More on Revising your On Essay (UPDATE)

As you revise your essays this weekend/week, remember that the stylistic elements we reviewed in class—punctuation, image grammar—are ones that can help to clarify and bring life to your ideas. But as I mentioned in my earlier post (below), the ideas come first. Be sure to fully develop your ideas through illustrative examples and supporting details.

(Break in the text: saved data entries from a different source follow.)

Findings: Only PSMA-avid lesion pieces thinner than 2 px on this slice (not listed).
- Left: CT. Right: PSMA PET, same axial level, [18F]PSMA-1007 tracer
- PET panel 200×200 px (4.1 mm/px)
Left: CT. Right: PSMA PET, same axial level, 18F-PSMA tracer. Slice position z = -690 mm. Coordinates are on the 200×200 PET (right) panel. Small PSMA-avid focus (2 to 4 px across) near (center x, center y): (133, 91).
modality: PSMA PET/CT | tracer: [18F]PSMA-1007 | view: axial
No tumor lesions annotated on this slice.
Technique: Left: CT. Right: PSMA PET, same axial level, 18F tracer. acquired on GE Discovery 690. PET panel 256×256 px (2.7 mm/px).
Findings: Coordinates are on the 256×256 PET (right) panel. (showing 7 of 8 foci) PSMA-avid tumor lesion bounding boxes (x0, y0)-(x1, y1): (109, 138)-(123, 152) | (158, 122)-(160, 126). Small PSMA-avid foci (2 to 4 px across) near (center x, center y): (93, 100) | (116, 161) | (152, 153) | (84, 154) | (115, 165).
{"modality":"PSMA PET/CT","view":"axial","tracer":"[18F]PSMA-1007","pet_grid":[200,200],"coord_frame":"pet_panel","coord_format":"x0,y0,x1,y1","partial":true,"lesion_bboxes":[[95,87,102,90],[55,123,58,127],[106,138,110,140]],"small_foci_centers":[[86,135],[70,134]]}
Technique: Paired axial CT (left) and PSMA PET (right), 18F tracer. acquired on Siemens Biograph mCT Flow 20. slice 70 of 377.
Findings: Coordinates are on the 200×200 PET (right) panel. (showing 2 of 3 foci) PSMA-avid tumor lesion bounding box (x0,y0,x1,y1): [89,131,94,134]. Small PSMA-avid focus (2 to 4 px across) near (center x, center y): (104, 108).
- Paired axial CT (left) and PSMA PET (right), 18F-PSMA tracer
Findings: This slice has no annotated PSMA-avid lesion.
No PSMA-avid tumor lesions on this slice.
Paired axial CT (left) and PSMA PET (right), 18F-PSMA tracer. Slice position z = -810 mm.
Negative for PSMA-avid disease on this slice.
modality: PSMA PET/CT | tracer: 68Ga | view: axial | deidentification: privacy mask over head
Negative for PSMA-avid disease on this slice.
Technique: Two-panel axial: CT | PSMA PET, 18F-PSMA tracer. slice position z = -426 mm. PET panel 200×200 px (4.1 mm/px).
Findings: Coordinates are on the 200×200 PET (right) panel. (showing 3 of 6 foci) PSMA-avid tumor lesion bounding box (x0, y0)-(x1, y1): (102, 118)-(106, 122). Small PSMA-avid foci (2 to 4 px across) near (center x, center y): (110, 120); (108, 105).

Go back through the other “On” essays we have read in class. Ask yourself: what did other writers do in their essays that you could emulate or borrow? For example, consider how much attention both Eighner in “On Dumpster Diving” and Mairs in “On Being a Cripple” use information such as definitions to give background and add depth to their essays. In each case, the reader has a greater appreciation of both Dumpsters and multiple sclerosis. Consider too how Mairs and then Didion in “On Keeping a Notebook” and also Chesterbrook in “On Running After One’s Hat” open with specific anecdotes that show the topic and then follow up with exposition that introduces it (similar to the “en media res” strategy of fiction—and many television programs). Notice the ways in which all the authors of the essays we’ve read use many types of writing—scientific information, statistics, personal anecdotes, compare/contrast, dialogue, definition, reflection, historical background, flashbacks—to add layers of meaning.

Beginnings and Endings

Ask yourself as you read your essay: is my introduction inviting? Examine that opening paragraph(s). Often, the introduction has one of two problems:

Problem 1: The first paragraph is actually the second paragraph: in other words, you may need to add something else before what you currently have that will be more inviting for the reader. Perhaps you can add an anecdote, specific example, something concrete, that gives a sense of immediacy.

Problem 2: The first paragraph is unnecessary and the better opening is actually the second paragraph. Why? Most of us have the habit of writing a “warm up” paragraph when we begin an essay. This “warm up” paragraph is typically a very broad introduction into the topic, something along the lines of “Many people think…” or “There is…” or some other more general, abstract description of the topic. Often, this general description is followed by an example such as an anecdote or flashback that illustrates the topic. Why not start the essay with the example instead? After the example, then give the background to the topic. “On Being a Cripple,” “On Running After One’s Hat,” and “On Keeping a Notebook” all start this way.

The Rule About the Pebble

Famous writing teacher (yes, there are famous writing teachers) Nancie Atwell advises students to be as specific as possible when writing. Her “rule about the pebble” is one that can be very useful for writing. Here it is below:

Don’t write about a general idea or topic; write about a specific, observable person, place, occasion, time, object, animal, or experience. Its essence will lie in the sensory images the writer evokes; observed details of sight, sound, smell, touch, taste; and strong verbs that bring details to life.

Don’t write about __________. Write about a __________.

Don’t write about (pebbles). Write about a (pebble).

Don’t write about fall. Write about this fall day. Go to the window; go outside.

Don’t write about sunsets. Write about the amazing sunset you saw last night.

Don’t write about dogs or kittens Observe and write about your dog, your kitten.

Don’t write about friendship. Write about your friend, about what he or she does to be a good friend to you.

Don’t write about love. Write specifically about someone or something you love: these are the greatest love poems.

Don’t write about sailing. Remember and write about a time you were sailing.

Don’t write about babies. Write about your baby sister, your baby cousin. 

Don’t write about reading. Write about your experience reading one book in particular.

Don’t write about pumpkins. Write about the pumpkin you carved last night, the pumpkin you grew from seeds, your family’s jack-o-lantern that you found smashed on the road.